Exodus tells us that Yahweh took pity on the misery of the Israelites and anointed Moses to lead them out of bondage. Predictably, hard-hearted Pharaoh refused to let them go, whereupon plague after plague beset him and the entire land of Egypt until he finally relented—only to renounce his decision and, in what is certainly one of the most ill-advised moves a leader has ever made, pursued the Israelites into the Red Sea.

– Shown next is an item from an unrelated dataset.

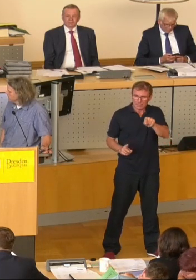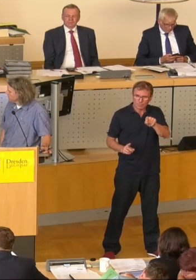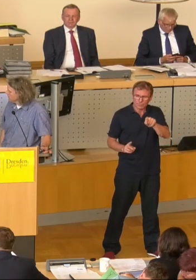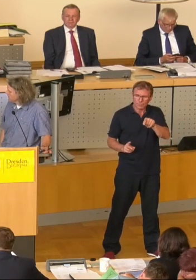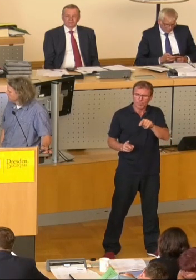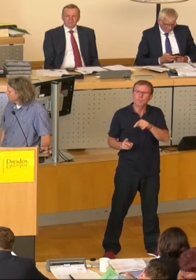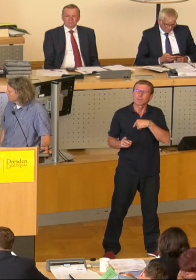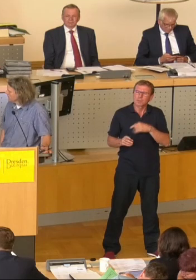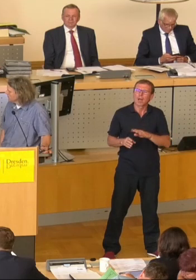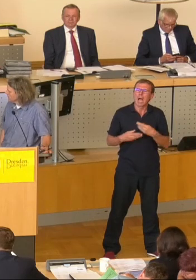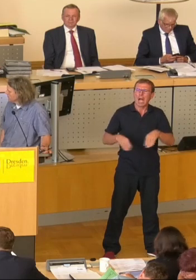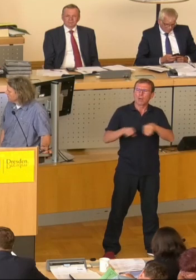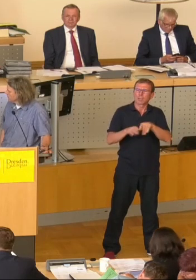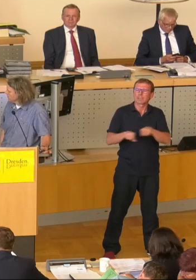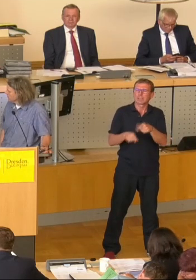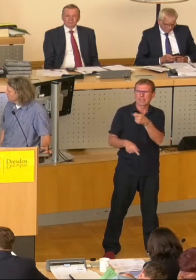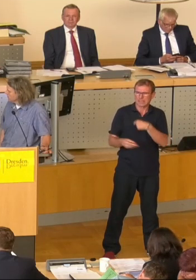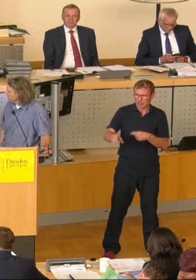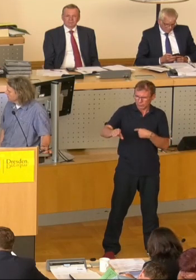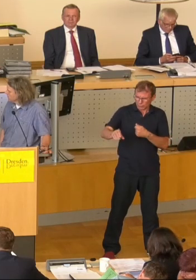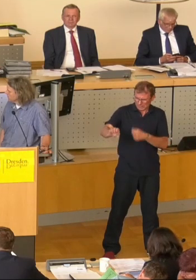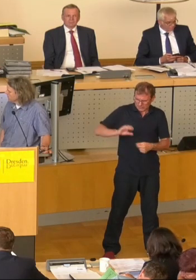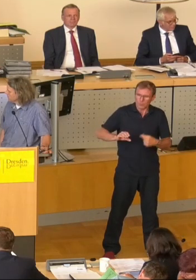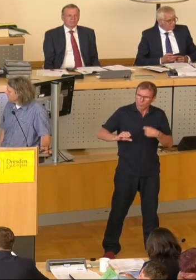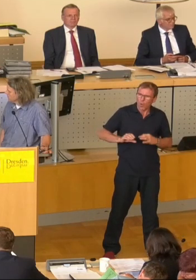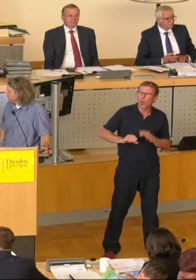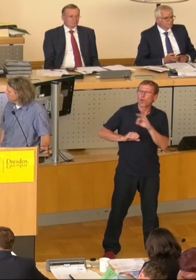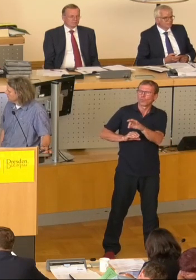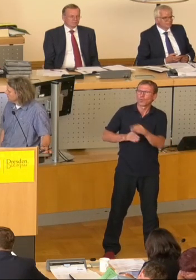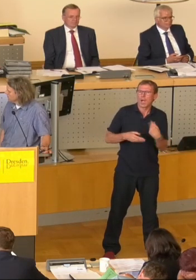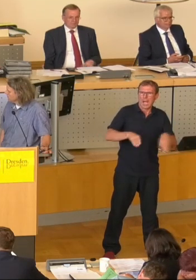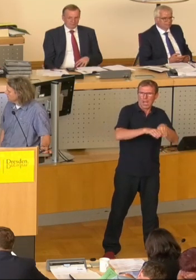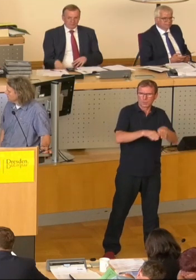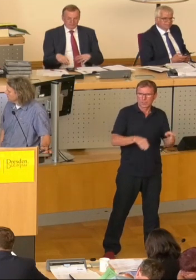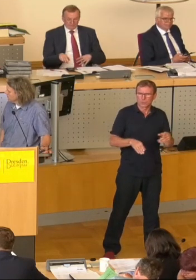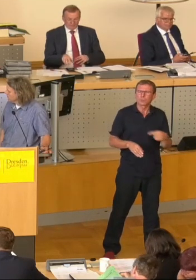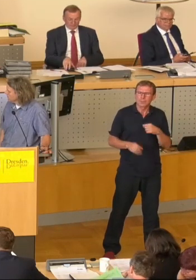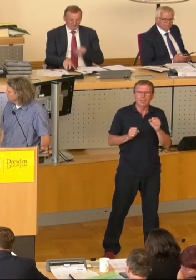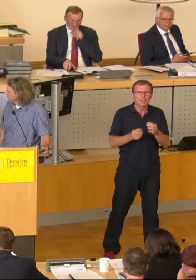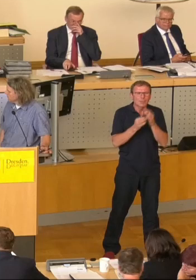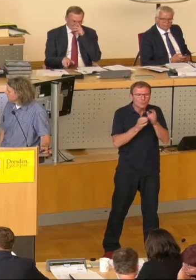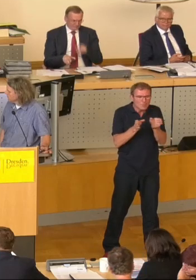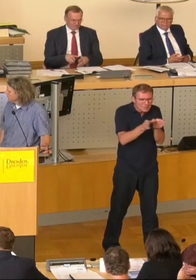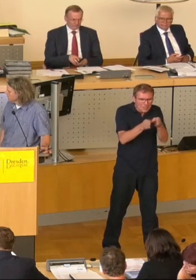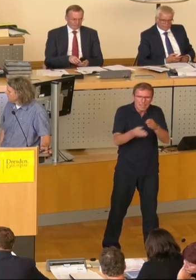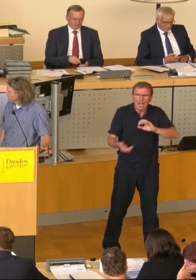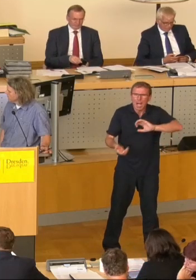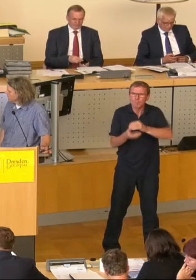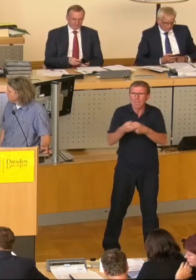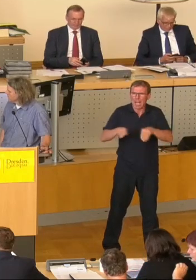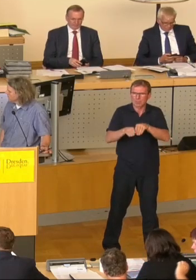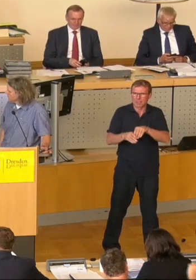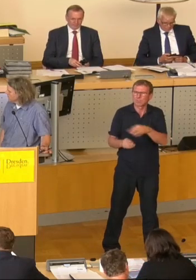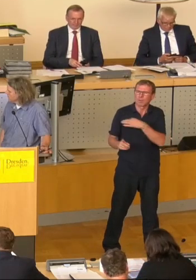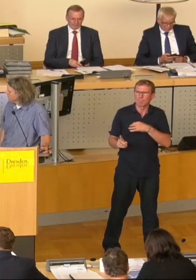Übernahme des Ausgleichs gegen Kostenerstattung an. Das ermöglicht eine schutzgutspezifische Kompensation von Eingriffen

From our contemporary perspective, some of the plagues recorded in Exodus come across as more annoying than frightening. It’s a drag to be ankle-deep in frogs or bedeviled by head-circling gnats, but it’s hardly what you’d call out FEMA for. Subsequent plagues—painful boils, destroyed crops, diseased herds—were much more serious. And then, in a terrible crescendo of suffering, there was the final plague, the death of the firstborn in every Egyptian household, a tragedy that mirrored Pharaoh’s slaying of male Israelite infants.

Horrible as this final affliction was, it’s the ninth plague, the one immediately preceding the slaying of the firstborn, that haunts me. “Then the Lord said to Moses, ‘Stretch out your hand toward heaven that there may be darkness over the land of Egypt, a darkness to be felt.’ So Moses stretched out his hand toward heaven, and there was a thick darkness in all the land of Egypt.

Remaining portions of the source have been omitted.